Karla Arruda L1, Campos Yang A2, Aoki V3, Fachini Jardim Criado R4, Cezar Pires M5, Lupi O6, Helder Zambaldi Fabricio L7, Abreu D8, Silvi S8

1Ribeirão Preto Medical School, University of São Paulo, Ribeirão Preto, SP, Brazil.
2Hospital das Clínicas da Faculdade de Medicina da USP, São Paulo, Brazil.
3Hospital das Clínicas da Faculdade de Medicina da USP, Departamento de Dermatologia, São Paulo, Brazil.
4Faculdade de Medicina do ABC, São Paulo, Brazil.
5Hospital do Servidor Público Estadual, São Paulo, Brazil.
6Universidade Federal do Rio de Janeiro (UFRJ); Universidade Federal do Estado do Rio de Janeiro- UNIRIO; Policlínica Geral do Rio de Janeiro – PGRJ, Rio de Janeiro, Brazil.
7Hospital Universitário Evangélico de Curitiba da Faculdade Evangélica do Paraná – HUEC/FEPAR, Paraná, Brazil.
8Sanofi Genzyme, São Paulo, Brazil.

J Investig Allergol Clin Immunol 2021; Vol. 31(3)
doi: 10.18176/jiaci.0478

Background: Atopic dermatitis is a chronic inflammatory skin disease with a prevalence of 0.02% to 8.1% in adults.

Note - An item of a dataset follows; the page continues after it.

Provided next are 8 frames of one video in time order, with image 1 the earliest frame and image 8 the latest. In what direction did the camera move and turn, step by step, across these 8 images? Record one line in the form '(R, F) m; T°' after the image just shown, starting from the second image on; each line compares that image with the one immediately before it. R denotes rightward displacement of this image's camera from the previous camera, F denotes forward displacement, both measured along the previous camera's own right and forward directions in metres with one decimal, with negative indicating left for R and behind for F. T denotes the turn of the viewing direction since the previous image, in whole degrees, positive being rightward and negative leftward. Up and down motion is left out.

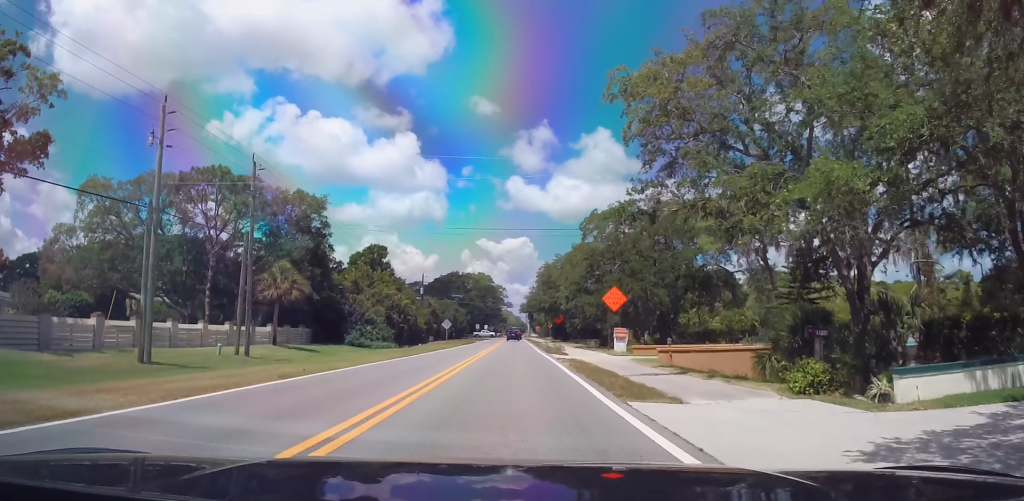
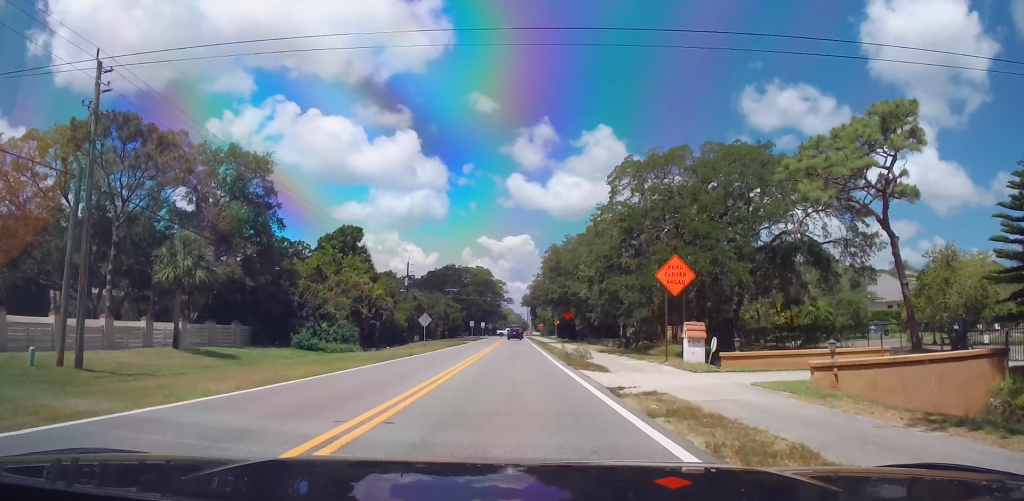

Adult patients with moderate-to-severe atopic dermatitis have frequent relapses and significant disease burden.
Objectives: Characterize clinical, immunological and therapeutic features of Brazilian adults with atopic dermatitis.
Methods: A multicenter, observational, retrospective, descriptive registry-based study, conducted at reference hospitals, between December 2016 and October 2017. Demographics, personal and family history of atopic diseases, clinical manifestations, laboratory tests, disease severity and management were collected.
Results: From the 187 subjects included in the analysis, 56.1% were female and 71.7% were Caucasian, with a mean age of 24.7 years. Mean follow-up duration was 9 years. Asthma or other allergic diseases were reported by 80.2% of the patients. The main comorbidity was hypertension (10.2%) and common disease manifestations included pruritus and erythema. Lesions were generally distributed in non-flexural and flexural areas, with typical morphology. Around 83% of patients had moderate to severe disease and 8.6% reported at least one hospitalization. Most patients received topical and/or systemic pharmacological therapies, including omalizumab (5.9%); 4.3% received phototherapy. Moreover, 66.8% of patients received adjuvant therapy and 79.1% changed or discontinued treatment for atopic dermatitis due to remission (46.5%), poor effectiveness (33.7%) or lack of therapeutic adherence (12.9%). Most patients presented characteristics of type 2 inflammation, with immunoglobulin E levels above 100 IU/mL (94.4%) and peripheral blood eosinophils above 5% (55.9%).
Conclusion: Brazilian adult patients with severe atopic dermatitis need treatments to efficiently control the disease and improve quality of life.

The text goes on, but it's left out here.